My school (UW) recently allowed students to switch their school email accounts over to one of 2 providers: Google (via gmail) or Microsoft (via Outlook Web Access). Feeling the inexorable pull of the cloud, I decided to take the plunge and switch to gmail, but one thing held me back. I have used Thunderbird for a few years now and have accumulated roughly 1GB of archived messages that are generally unimportant but occasionally vital. I’ve also espoused Lifehacker’s Trusted Trio email organization system and so many of the emails in my archive are tagged for easier organization.
I’d like to have this email archive searchable from gmail. And I would really like to have all those tags I’ve accumulated over the years show up as gmail “labels”. Fortunately, this isn’t too difficult thanks to the following:
- Thunderbird stores message tags in a special
X-Mozilla-Keysheader in the email message itself. So it’s easy to recover the tags by parsing the email.
- Google provides an email migration API for uploading messages into some hosted Google Apps gmail accounts. Unfortunately, “This API is only available to Google Apps Premier, Education, and Partner Edition domains, and cannot be used for migration into Google Apps Standard Edition email or Gmail accounts” sayeth the Google. You also have to have your Google Apps administrator enable email migration by end users – be default, only administrators can migrate email.
There are a few other nice thing about using the migration API (as opposed to just copying the emails from one IMAP folder to another). One is that time/date information is preserved. With an IMAP copy, emails all appear to have arrived on the day that the copy was made. Also, metadata can be preserved (e.g. messages flagged “Important” in your mail client can be translated into “starred” messages in gmail). Overall, your/my obsessive-compulsive side will be much happier if you can use the migration API.
So, I wrote a little Python script program that uses the Google email migration API to upload a bunch of emails from Thunderbird (or any ol’ mbox file, but it only understands how to read “tags” set by Thunderbird) into a hosted gmail account.
- the Google Python API (I used version 2.0.4)
- the actual python script (for the curious, a darcs repository is also available)
You need to ensure that Python can find the code in the Google Python API. The simplest way is to set your PYTHONPATH environment variable to include the root directory of the API files. For example, if you extract the Google API files into the same directory as the tbird2gmail.py script, any you’re using bash, you can run everything with:
PYTHONPATH=$PYTHONPATH:gdata-2.0.4 python tbird2gmail.py arguments...
The tbird2gmail script works by taking a series of mbox files as command line arguments, and uploads their contents to the specified hosted gmail account. You need to provide your login information (email address and password). One particularly useful feature is to specify (via the
--label command line flag) a label to be applied to all uploaded messages. In case the upload fails for some reason (see below) it is easy to find all the emails that were part of the upload, so you can e.g. delete them and try again.

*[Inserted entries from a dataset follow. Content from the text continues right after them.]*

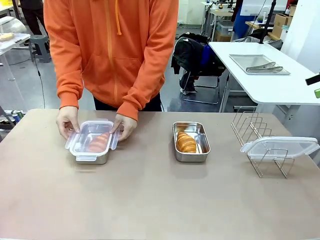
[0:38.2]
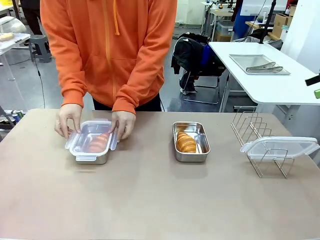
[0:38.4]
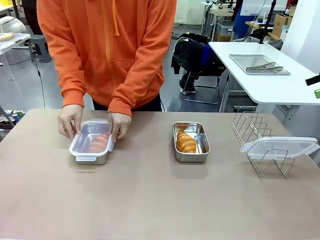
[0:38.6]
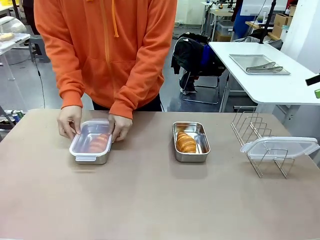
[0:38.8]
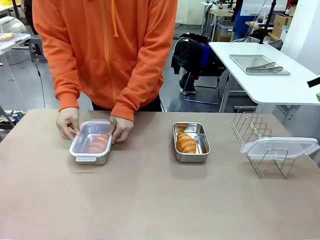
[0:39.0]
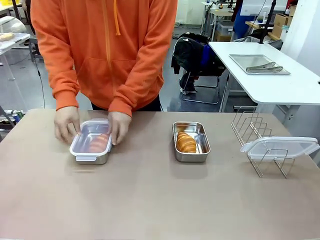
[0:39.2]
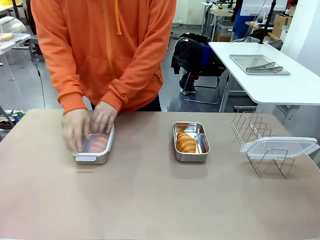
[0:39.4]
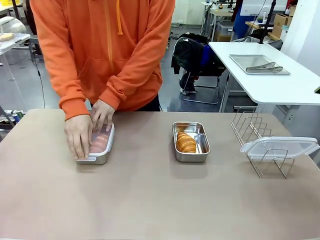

I used this script to upload roughly 30,000 emails (about 1GB in size) into my UW gmail account. Emails are uploaded in batches of configurable size; I found that when using a batch size any larger than about 2MB, the gmail server would get overwhelmed and close the connection. So I shrunk the batch size, added a delay in between batch sends, and the thing ran happily all night. The theoretical maximum batch size allowed by the Google API is 32MB.
This is definitely a hack; the Google API docs say that the server should return a 503 error when it becomes overworked, but in practice I found this was not triggered reliably before the connection was simply terminated.
This script should not be used if the underlying mbox files can be modified by another application. Doing so could result in a corrupted mailbox file, costing you all your mail! So close down your mail client before uploading any email.
Gmail will also reject mail that does not conform to the RFC822 specification. I had a few emails that were missing proper
Date: headers, and others that had invalid attachments (generally bounce messages). tbird2gmail will log these failed emails into a new mbox file, where you can edit them and then try uploading again. The failure reason returned from the Google server is stored in a special
X-Tbird2gmail-Upload-Failure-Reason header in the message itself. You can read more about what these failure codes look like at http://code.google.com/apis/gdata/docs/2.0/reference.html#HTTPStatusCodes.
Update (3 May 2010): Lisa, another grad student here at UW, has written some python scripts for migrating mbox files into Google Apps that don’t depend on the now-deprecated interface in the Google Python libraries; just pure Python 2.6. You can find the scripts here.